[[ DATA EXTRACTS, beginning ]]
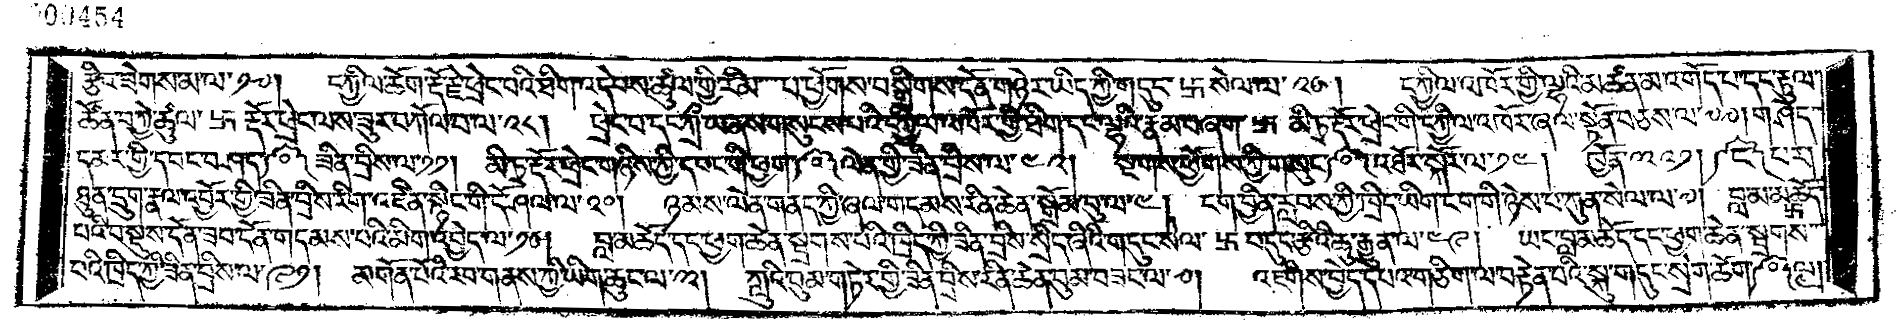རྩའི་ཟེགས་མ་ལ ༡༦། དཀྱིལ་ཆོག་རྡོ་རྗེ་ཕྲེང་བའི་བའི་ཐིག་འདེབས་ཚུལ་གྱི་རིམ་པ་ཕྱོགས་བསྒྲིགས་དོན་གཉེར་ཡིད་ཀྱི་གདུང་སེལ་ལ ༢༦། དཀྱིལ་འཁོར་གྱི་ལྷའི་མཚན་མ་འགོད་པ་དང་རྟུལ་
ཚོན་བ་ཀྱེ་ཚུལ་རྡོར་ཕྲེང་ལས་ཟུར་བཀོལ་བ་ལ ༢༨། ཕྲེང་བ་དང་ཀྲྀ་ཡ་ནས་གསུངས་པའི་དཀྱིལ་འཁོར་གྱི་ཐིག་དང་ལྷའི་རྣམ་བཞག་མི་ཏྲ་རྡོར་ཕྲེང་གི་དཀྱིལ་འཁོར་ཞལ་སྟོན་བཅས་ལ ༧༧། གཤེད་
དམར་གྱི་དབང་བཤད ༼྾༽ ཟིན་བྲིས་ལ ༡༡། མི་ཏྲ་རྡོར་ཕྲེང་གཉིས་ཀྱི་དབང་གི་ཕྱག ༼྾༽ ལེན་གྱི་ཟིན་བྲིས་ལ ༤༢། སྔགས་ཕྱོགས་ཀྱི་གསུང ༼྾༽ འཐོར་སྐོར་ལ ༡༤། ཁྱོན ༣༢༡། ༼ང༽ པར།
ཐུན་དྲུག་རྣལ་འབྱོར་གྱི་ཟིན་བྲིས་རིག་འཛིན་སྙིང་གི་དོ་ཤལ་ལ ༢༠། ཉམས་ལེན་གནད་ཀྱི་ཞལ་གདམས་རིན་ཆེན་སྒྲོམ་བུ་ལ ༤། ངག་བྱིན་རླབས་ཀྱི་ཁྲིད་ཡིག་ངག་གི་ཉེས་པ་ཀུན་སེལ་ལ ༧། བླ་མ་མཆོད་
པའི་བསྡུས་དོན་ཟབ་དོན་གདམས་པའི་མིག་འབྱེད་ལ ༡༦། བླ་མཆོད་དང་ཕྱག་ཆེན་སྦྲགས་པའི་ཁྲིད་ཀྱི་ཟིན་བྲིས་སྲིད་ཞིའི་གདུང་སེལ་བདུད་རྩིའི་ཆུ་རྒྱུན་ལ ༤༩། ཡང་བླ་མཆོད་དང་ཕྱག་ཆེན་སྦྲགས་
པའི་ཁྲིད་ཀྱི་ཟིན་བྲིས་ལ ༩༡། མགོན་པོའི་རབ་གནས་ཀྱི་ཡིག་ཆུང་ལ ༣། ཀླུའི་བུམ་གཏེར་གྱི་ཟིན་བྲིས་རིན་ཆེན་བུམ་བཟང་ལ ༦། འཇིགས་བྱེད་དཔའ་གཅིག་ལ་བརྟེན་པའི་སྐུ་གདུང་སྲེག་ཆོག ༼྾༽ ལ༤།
[[ DATA EXTRACTS, end ]]
[[ DATA EXTRACTS, beginning ]]
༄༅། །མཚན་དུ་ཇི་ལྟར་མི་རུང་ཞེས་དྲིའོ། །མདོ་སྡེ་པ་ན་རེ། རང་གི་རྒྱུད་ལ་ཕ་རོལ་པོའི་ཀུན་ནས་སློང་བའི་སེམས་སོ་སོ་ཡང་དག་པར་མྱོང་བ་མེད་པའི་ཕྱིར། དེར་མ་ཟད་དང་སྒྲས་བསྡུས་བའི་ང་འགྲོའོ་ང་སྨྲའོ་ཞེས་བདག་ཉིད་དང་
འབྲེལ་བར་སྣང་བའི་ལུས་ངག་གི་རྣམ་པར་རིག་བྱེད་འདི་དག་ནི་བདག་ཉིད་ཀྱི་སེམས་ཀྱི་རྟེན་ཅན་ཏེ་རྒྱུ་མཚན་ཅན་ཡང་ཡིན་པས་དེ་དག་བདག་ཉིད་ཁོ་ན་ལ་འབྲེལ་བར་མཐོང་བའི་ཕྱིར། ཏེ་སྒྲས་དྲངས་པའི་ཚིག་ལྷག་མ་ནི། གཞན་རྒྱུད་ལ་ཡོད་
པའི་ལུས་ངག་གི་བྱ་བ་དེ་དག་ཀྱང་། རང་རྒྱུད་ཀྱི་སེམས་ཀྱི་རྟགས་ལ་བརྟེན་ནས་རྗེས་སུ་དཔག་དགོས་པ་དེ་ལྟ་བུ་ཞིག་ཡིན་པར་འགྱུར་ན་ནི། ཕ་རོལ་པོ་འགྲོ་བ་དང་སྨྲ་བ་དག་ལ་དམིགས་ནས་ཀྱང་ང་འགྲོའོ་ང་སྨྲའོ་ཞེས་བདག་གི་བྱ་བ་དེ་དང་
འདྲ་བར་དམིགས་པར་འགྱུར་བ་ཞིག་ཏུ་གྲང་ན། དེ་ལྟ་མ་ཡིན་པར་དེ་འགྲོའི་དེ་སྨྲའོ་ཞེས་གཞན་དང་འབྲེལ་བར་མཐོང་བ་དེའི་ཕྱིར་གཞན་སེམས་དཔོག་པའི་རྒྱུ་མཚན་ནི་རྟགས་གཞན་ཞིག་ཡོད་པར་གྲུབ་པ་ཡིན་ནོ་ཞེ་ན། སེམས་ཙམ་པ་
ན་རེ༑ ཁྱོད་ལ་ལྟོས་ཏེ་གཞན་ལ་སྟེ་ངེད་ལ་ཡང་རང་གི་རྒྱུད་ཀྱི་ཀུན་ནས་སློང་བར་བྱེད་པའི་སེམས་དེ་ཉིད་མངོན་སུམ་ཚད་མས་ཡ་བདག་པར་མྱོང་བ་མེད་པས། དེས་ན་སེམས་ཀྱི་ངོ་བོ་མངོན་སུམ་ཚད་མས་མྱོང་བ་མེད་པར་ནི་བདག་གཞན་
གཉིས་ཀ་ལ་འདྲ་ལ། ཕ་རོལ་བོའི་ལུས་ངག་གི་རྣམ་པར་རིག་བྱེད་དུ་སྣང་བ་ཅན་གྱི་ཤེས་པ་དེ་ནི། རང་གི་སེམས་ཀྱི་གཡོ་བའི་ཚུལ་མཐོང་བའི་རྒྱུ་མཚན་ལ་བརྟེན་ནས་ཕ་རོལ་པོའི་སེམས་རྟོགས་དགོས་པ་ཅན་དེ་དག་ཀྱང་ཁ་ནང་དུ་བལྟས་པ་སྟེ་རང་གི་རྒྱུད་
[[ DATA EXTRACTS, end ]]
[[ DATA EXTRACTS, beginning ]]
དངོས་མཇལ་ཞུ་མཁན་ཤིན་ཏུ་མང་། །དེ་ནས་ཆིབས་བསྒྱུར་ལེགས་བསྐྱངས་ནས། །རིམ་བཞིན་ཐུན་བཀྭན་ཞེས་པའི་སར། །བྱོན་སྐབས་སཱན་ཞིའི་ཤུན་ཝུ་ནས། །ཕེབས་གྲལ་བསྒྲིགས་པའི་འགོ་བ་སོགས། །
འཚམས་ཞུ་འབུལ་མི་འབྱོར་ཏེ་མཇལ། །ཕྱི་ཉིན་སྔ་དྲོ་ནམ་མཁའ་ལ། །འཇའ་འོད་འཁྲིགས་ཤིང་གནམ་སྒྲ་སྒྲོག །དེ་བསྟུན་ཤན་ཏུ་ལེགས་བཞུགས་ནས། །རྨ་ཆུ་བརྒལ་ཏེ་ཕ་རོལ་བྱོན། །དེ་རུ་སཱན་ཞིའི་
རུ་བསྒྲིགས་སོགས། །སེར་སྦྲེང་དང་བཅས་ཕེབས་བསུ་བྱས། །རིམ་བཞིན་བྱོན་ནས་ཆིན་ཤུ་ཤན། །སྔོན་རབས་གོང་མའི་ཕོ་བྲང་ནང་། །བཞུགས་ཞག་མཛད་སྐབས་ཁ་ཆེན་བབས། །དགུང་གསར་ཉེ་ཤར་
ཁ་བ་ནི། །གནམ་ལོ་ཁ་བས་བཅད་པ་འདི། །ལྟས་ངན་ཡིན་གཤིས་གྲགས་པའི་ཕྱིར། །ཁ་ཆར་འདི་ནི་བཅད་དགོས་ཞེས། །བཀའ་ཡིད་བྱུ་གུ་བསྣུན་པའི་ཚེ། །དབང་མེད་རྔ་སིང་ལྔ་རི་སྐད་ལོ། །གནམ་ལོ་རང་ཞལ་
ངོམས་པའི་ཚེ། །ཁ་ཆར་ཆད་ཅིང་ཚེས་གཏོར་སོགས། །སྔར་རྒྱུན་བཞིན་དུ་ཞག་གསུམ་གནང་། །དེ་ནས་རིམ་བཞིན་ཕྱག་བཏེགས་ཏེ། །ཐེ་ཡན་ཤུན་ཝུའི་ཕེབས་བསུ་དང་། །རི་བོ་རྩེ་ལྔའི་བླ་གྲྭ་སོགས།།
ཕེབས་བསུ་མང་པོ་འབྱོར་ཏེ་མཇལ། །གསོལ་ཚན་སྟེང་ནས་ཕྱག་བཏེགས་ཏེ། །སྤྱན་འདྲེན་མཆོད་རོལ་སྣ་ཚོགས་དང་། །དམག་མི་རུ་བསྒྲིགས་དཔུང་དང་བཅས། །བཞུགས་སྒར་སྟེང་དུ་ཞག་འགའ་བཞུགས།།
[[ DATA EXTRACTS, end ]]
## [ABOUT THIS EXERCISE]
Count how many lines of the records hold the string "གདམས"; the answer is that number alone.

## [EXERCISE RESULT]
2